Problem to work on – Only the lines from the "Elapsed since image 1: 5.5 s." line through the last line of the material below belong in the answer, reproduced exactly and with no pictures.

Supplied data –

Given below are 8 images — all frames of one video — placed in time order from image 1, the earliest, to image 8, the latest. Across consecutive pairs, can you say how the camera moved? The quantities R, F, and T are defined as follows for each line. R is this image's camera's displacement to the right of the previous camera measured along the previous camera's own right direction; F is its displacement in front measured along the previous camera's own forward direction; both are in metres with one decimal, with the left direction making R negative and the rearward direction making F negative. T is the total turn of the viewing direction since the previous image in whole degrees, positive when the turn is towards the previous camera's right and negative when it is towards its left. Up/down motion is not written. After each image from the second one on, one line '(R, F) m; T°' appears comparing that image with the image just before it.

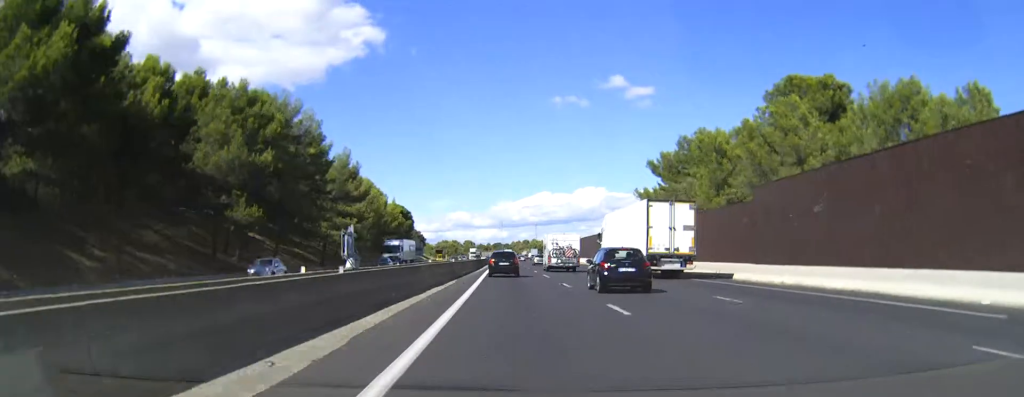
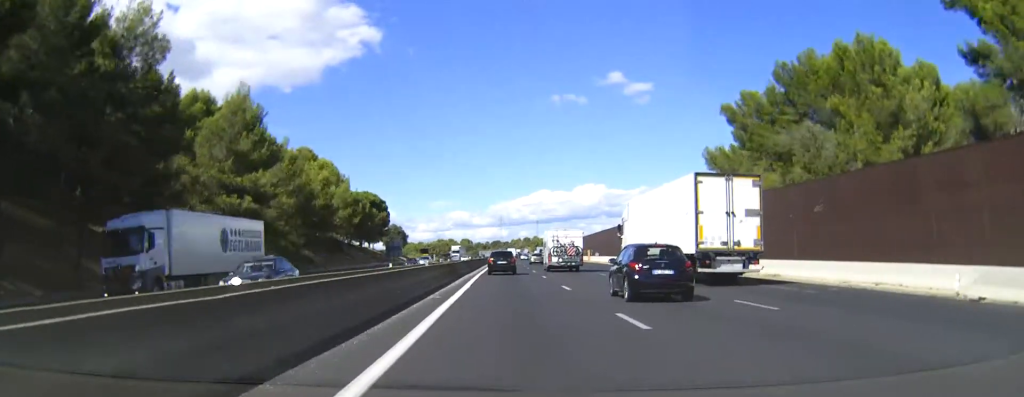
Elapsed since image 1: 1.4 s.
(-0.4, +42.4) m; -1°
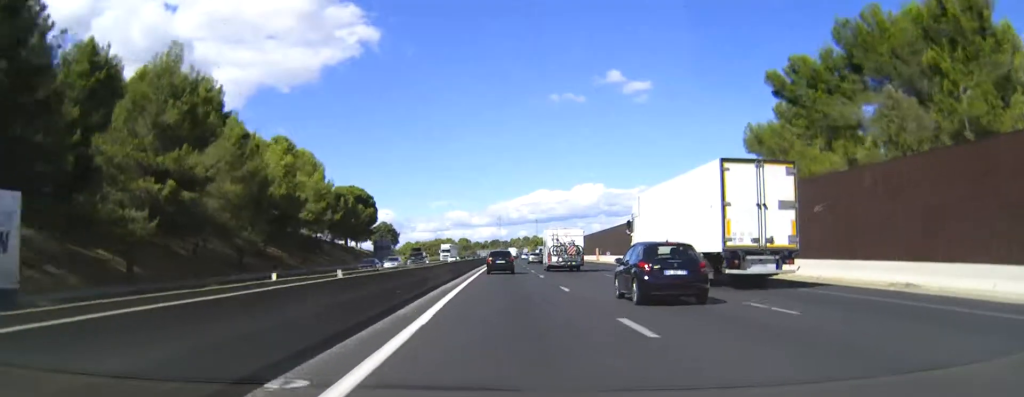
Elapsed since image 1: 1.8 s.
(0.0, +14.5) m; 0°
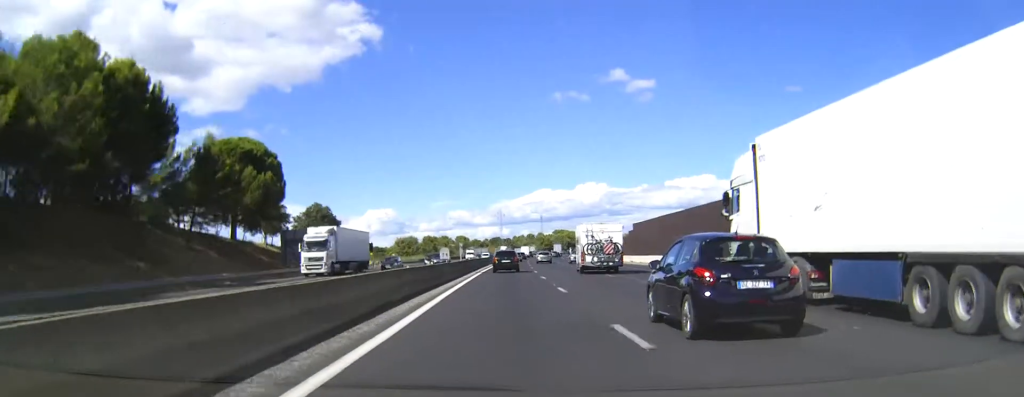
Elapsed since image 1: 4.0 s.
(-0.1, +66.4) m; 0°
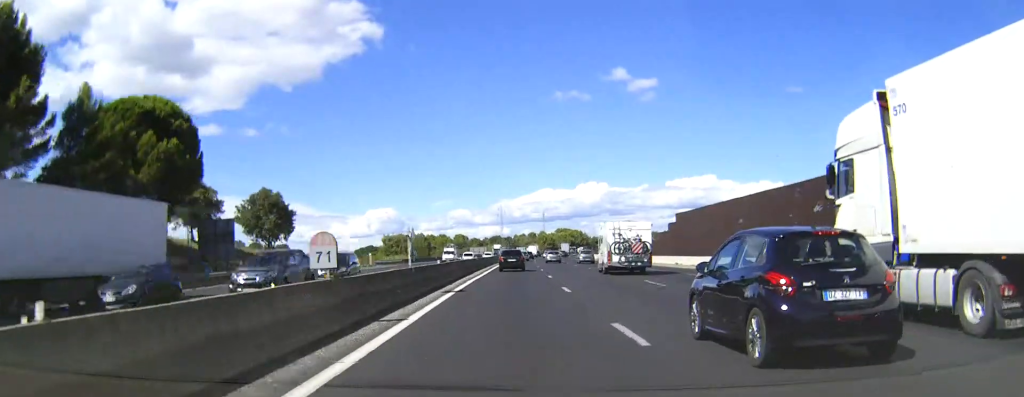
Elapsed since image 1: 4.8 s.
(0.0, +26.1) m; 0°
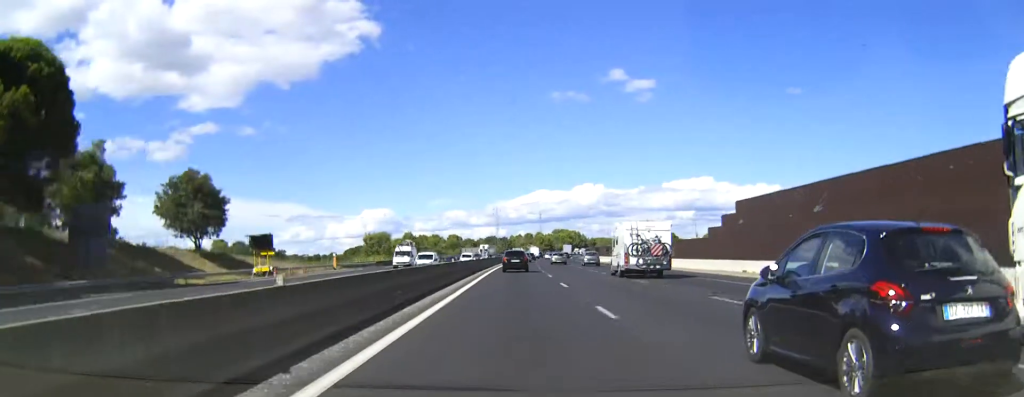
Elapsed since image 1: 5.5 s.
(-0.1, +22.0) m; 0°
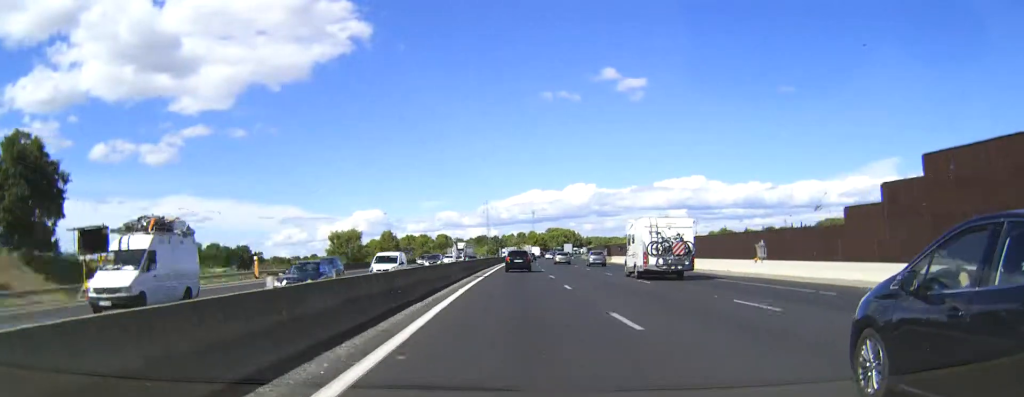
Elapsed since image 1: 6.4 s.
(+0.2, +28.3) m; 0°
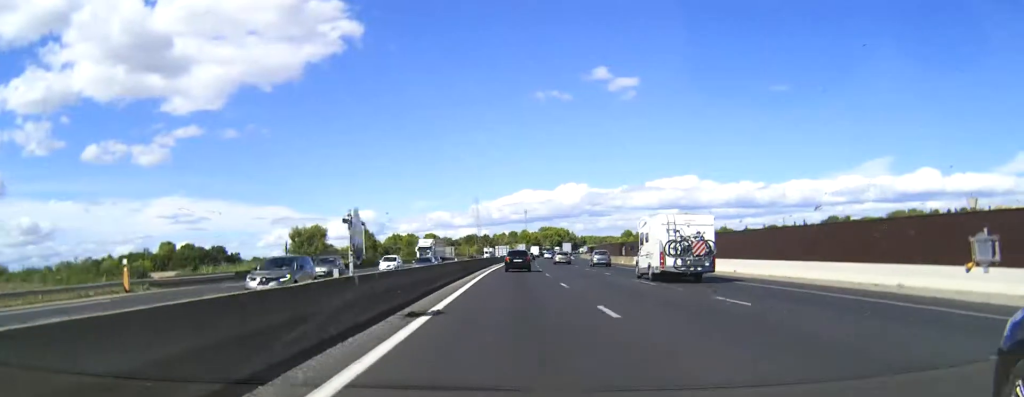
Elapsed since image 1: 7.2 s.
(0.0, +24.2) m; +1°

Response to this task –
Elapsed since image 1: 5.5 s.
(-0.1, +22.0) m; 0°
Elapsed since image 1: 6.4 s.
(+0.2, +28.3) m; 0°
Elapsed since image 1: 7.2 s.
(0.0, +24.2) m; +1°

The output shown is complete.